Attali Yigal, Runge Andrew, LaFlair Geoffrey T, Yancey Kevin, Goodwin Sarah, Park Yena, von Davier Alina A
Duolingo, Pittsburgh, PA, United States.
Front Artif Intell. 2022 Jul 22;5:903077. doi: 10.3389/frai.2022.903077. eCollection 2022.
Automatic item generation (AIG) has the potential to greatly expand the number of items for educational assessments, while simultaneously allowing for a more construct-driven approach to item development. However, the traditional item modeling approach in AIG is limited in scope to content areas that are relatively easy to model (such as math problems), and depends on highly skilled content experts to create each model. In this paper we describe the interactive reading task, a transformer-based deep language modeling approach for creating reading comprehension assessments. This approach allows a fully automated process for the creation of source passages together with a wide range of comprehension questions about the passages. The format of the questions allows automatic scoring of responses with high fidelity (e.g., selected response questions). We present the results of a large-scale pilot of the interactive reading task, with hundreds of passages and thousands of questions.

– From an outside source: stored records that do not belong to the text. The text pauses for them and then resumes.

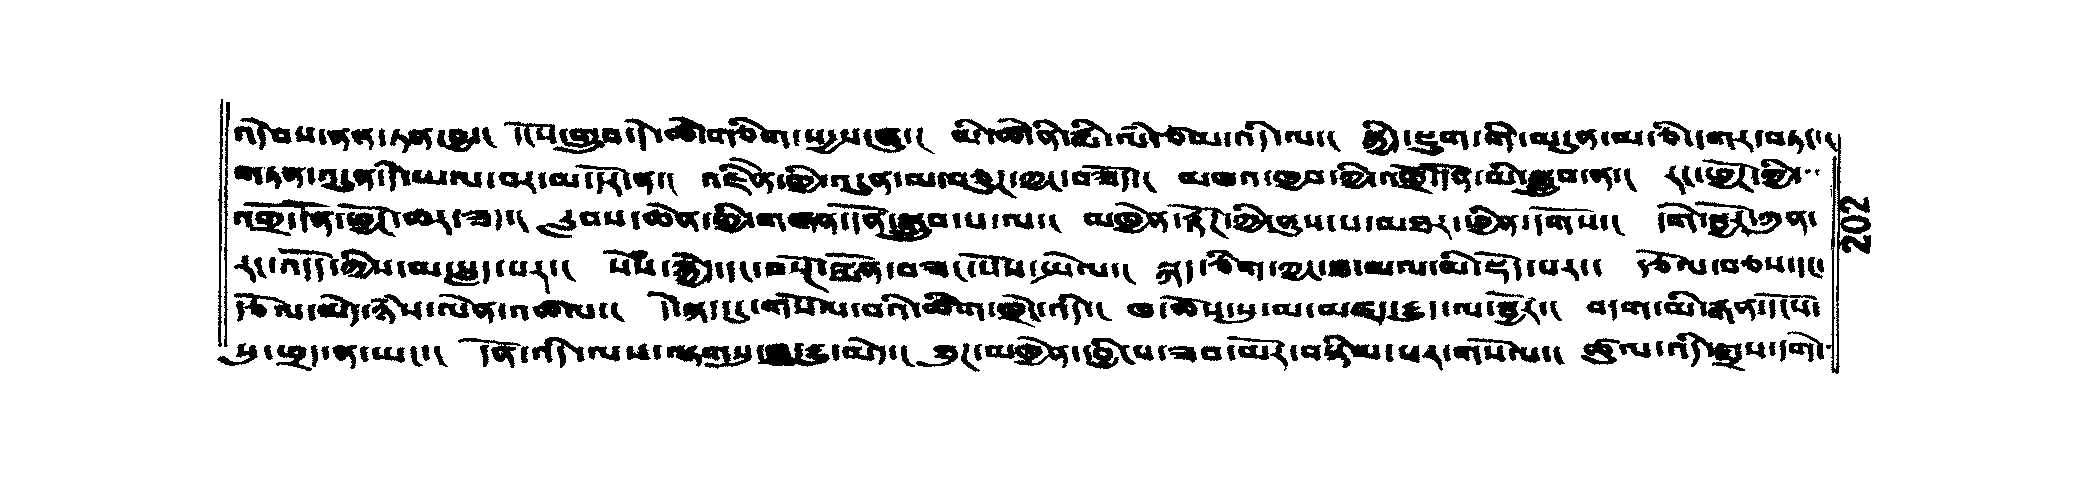འདེབས་ནན་ཏན་བྱ། །དངོས་གྲུབ་དེ་ཚེ་གཅིག་སངས་རྒྱས་ཞུ། །མི་ཚེ་ནི་རྨི་ལམ་ཙམ་འདི་ལ། །སྐྱིད་སྡུག་གི་མདུན་མ་ཅི་དགའ་བཏང་། །
གཏན་འདུན་དེ་ཡལ་བར་མ་དོར་ན། །འཇིག་རྟེན་གྱི་འདུན་མ་འཆུགས་ཀྱང་བཟོད། །མཁའ་ཁྱབ་ཀྱི་འགྲོ་དོན་མི་སྒྲུབ་ན། །རང་ཕྱོགས་ཀྱི་
འགྲོ་དོན་ཕྱོགས་ཆར་ཟད། །རླབས་ཆེན་གྱི་གཞན་དོན་སྒྲུབ་པ་ལ། །མཁྱེན་རྟོགས་ཀྱི་ནུས་པ་མཐར་ཕྱིན་དགོས། དགེ་སྦྱོར་ཀུན་
རང་འདོད་ཀྱིས་མ་སླད་པར། །སེམས་སྐྱེད་དང་བསྔོ་སྨོན་བཟང་པོས་སྤེལ། །སྐད་ཅིག་ཀྱང་ཐ་མལ་མི་སྡོད་པར། །རྩོལ་བཅས་དང་
རྩོལ་མེད་ཉམས་ལེན་འཚལ། །དེ་སྐད་དུ་གསོལ་བའི་ཚིག་ཕྲེང་འདི། །ཁ་ཆོས་སུ་མ་མཛད་རྒྱུད་ལ་སྦྱོར། །བདག་མི་རྒན་དངོས་
སུ་ཕྲད་ན་ཡང་། །དོན་འདི་ལས་ལྷག་པ་ཞུ་རྒྱུ་མེད། །ཐུགས་མཁྱེན་དབྱིངས་ཟབ་མོར་བསྟིམ་པར་གསོལ། །ཚུལ་འདི་སྨྲས་དགེ་

These passages were administered as part of the practice test of the Duolingo English Test. Human review of the materials and psychometric analyses of test taker results demonstrate the feasibility of this approach for automatic creation of complex educational assessments.
自动试题生成(AIG)有潜力极大地扩充用于教育评估的试题数量,同时允许采用一种更受结构驱动的试题开发方法。然而,AIG中的传统试题建模方法在范围上局限于相对容易建模的内容领域(如数学问题),并且依赖高技能的内容专家来创建每个模型。在本文中,我们描述了交互式阅读任务,这是一种基于Transformer的深度语言建模方法,用于创建阅读理解评估。这种方法允许通过一个完全自动化的过程来创建源文章以及关于这些文章的各种理解问题。问题的格式允许对回答进行高保真的自动评分(例如,选择题)。我们展示了交互式阅读任务大规模试点的结果,包括数百篇文章和数千个问题。这些文章作为多邻国英语测试练习测试的一部分进行管理。对材料的人工审核和考生结果的心理测量分析证明了这种方法用于自动创建复杂教育评估的可行性。